MATERIAL TO PROCESS:
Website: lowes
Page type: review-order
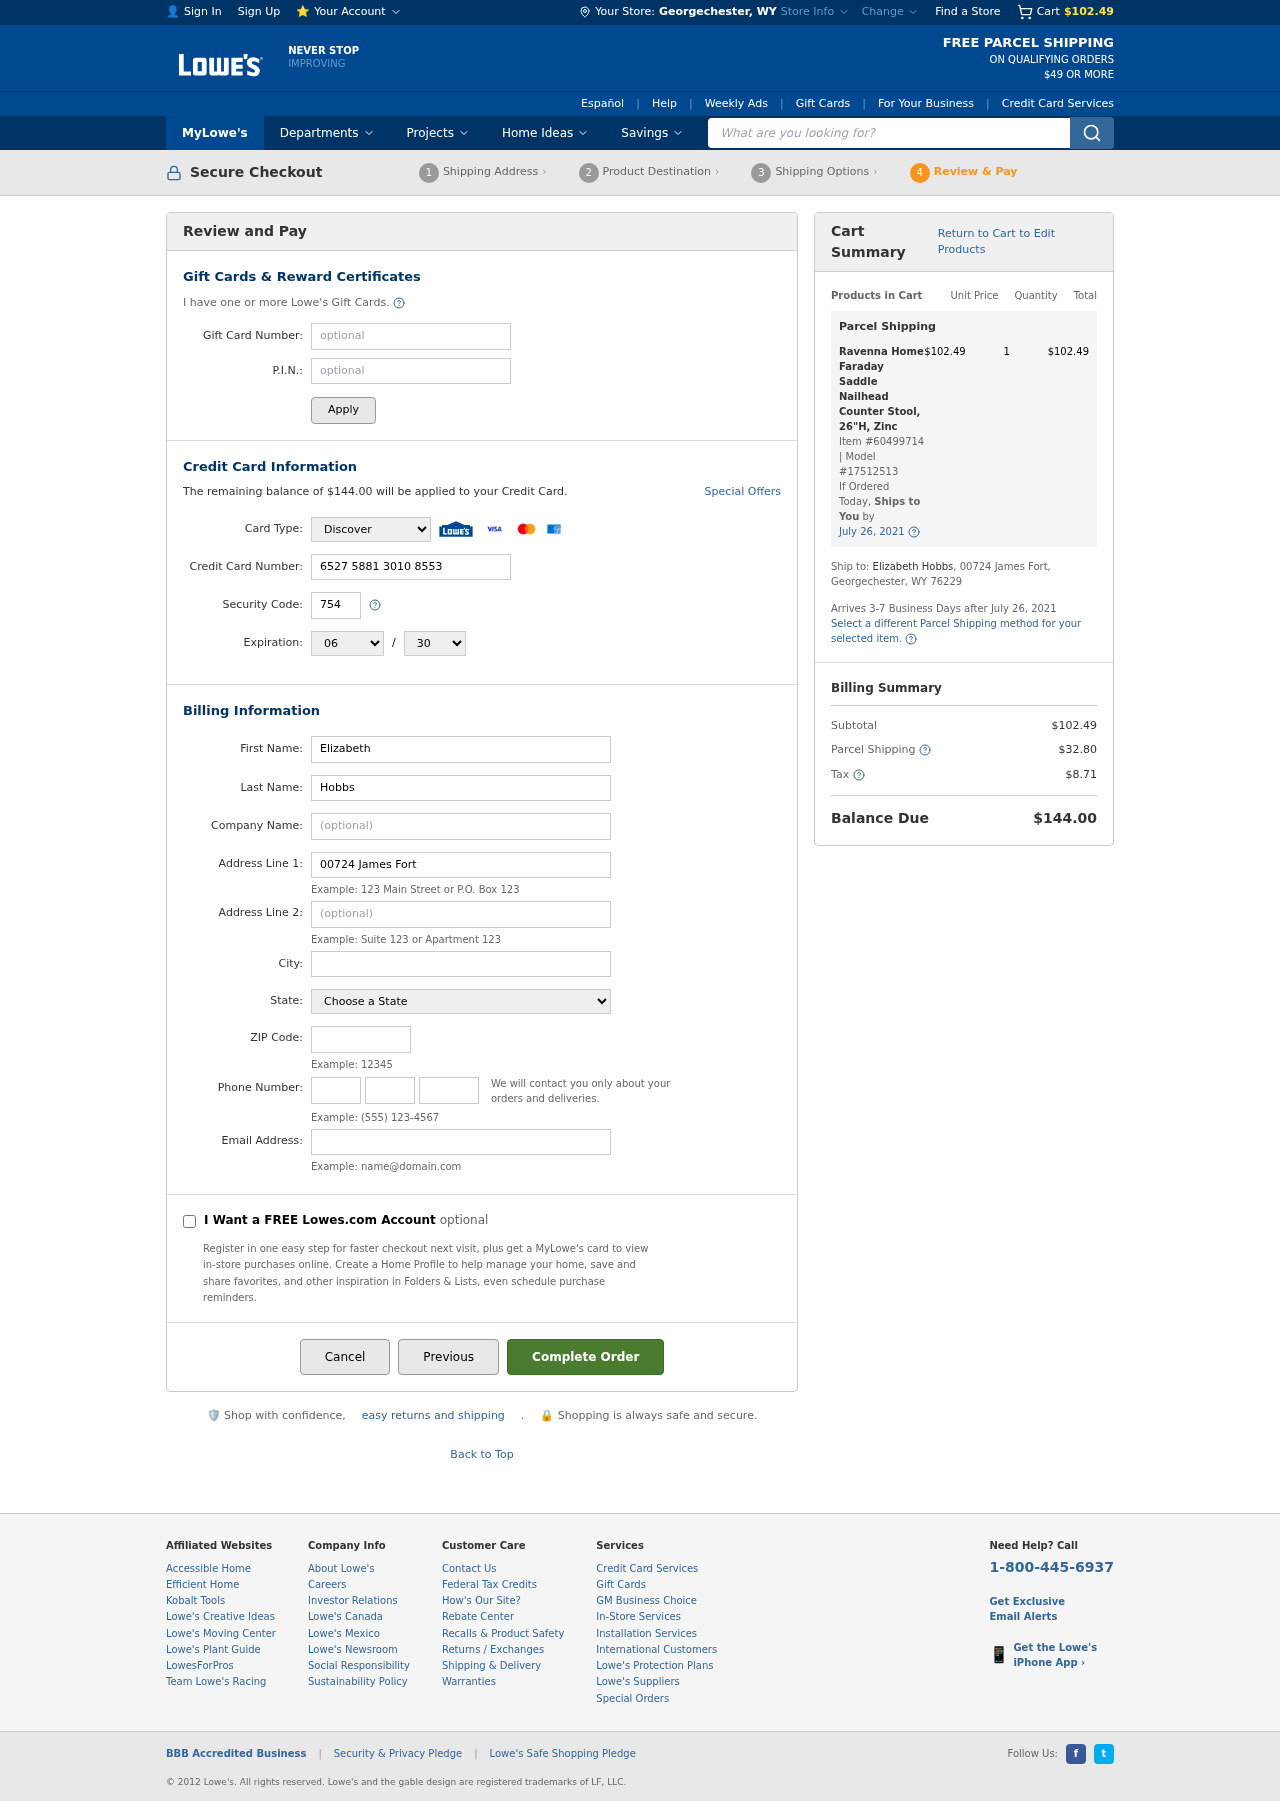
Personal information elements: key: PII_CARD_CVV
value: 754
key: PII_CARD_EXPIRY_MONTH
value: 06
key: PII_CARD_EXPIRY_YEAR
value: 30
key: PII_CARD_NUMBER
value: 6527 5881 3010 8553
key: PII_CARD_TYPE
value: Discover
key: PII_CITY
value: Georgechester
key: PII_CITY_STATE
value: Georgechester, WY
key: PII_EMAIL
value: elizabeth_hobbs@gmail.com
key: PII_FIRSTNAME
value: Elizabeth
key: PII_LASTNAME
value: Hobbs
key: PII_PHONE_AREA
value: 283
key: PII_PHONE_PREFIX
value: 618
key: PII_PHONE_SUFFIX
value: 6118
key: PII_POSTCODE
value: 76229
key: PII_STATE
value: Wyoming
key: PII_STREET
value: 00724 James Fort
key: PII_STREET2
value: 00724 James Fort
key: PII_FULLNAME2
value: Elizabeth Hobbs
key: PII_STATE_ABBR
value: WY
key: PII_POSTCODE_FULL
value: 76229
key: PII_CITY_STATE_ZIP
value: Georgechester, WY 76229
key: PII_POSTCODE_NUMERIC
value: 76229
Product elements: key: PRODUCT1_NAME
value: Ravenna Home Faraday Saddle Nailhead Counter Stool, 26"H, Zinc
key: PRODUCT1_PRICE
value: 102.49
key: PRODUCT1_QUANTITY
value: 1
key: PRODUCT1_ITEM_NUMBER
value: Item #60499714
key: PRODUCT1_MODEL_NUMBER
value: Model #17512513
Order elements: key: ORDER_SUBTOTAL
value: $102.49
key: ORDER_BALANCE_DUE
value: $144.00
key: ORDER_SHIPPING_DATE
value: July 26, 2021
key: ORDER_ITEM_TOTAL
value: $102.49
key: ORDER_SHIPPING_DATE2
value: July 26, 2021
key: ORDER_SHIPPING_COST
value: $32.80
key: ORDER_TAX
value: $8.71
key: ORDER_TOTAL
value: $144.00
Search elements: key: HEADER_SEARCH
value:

EXERCISE INSTRUCTIONS: Please print the data above once more, exactly as it appears, with no pictures.

WRITTEN SOLUTION:
Website: lowes
Page type: review-order
Personal information elements: key: PII_CARD_CVV
value: 754
key: PII_CARD_EXPIRY_MONTH
value: 06
key: PII_CARD_EXPIRY_YEAR
value: 30
key: PII_CARD_NUMBER
value: 6527 5881 3010 8553
key: PII_CARD_TYPE
value: Discover
key: PII_CITY
value: Georgechester
key: PII_CITY_STATE
value: Georgechester, WY
key: PII_EMAIL
value: elizabeth_hobbs@gmail.com
key: PII_FIRSTNAME
value: Elizabeth
key: PII_LASTNAME
value: Hobbs
key: PII_PHONE_AREA
value: 283
key: PII_PHONE_PREFIX
value: 618
key: PII_PHONE_SUFFIX
value: 6118
key: PII_POSTCODE
value: 76229
key: PII_STATE
value: Wyoming
key: PII_STREET
value: 00724 James Fort
key: PII_STREET2
value: 00724 James Fort
key: PII_FULLNAME2
value: Elizabeth Hobbs
key: PII_STATE_ABBR
value: WY
key: PII_POSTCODE_FULL
value: 76229
key: PII_CITY_STATE_ZIP
value: Georgechester, WY 76229
key: PII_POSTCODE_NUMERIC
value: 76229
Product elements: key: PRODUCT1_NAME
value: Ravenna Home Faraday Saddle Nailhead Counter Stool, 26"H, Zinc
key: PRODUCT1_PRICE
value: 102.49
key: PRODUCT1_QUANTITY
value: 1
key: PRODUCT1_ITEM_NUMBER
value: Item #60499714
key: PRODUCT1_MODEL_NUMBER
value: Model #17512513
Order elements: key: ORDER_SUBTOTAL
value: $102.49
key: ORDER_BALANCE_DUE
value: $144.00
key: ORDER_SHIPPING_DATE
value: July 26, 2021
key: ORDER_ITEM_TOTAL
value: $102.49
key: ORDER_SHIPPING_DATE2
value: July 26, 2021
key: ORDER_SHIPPING_COST
value: $32.80
key: ORDER_TAX
value: $8.71
key: ORDER_TOTAL
value: $144.00
Search elements: key: HEADER_SEARCH
value:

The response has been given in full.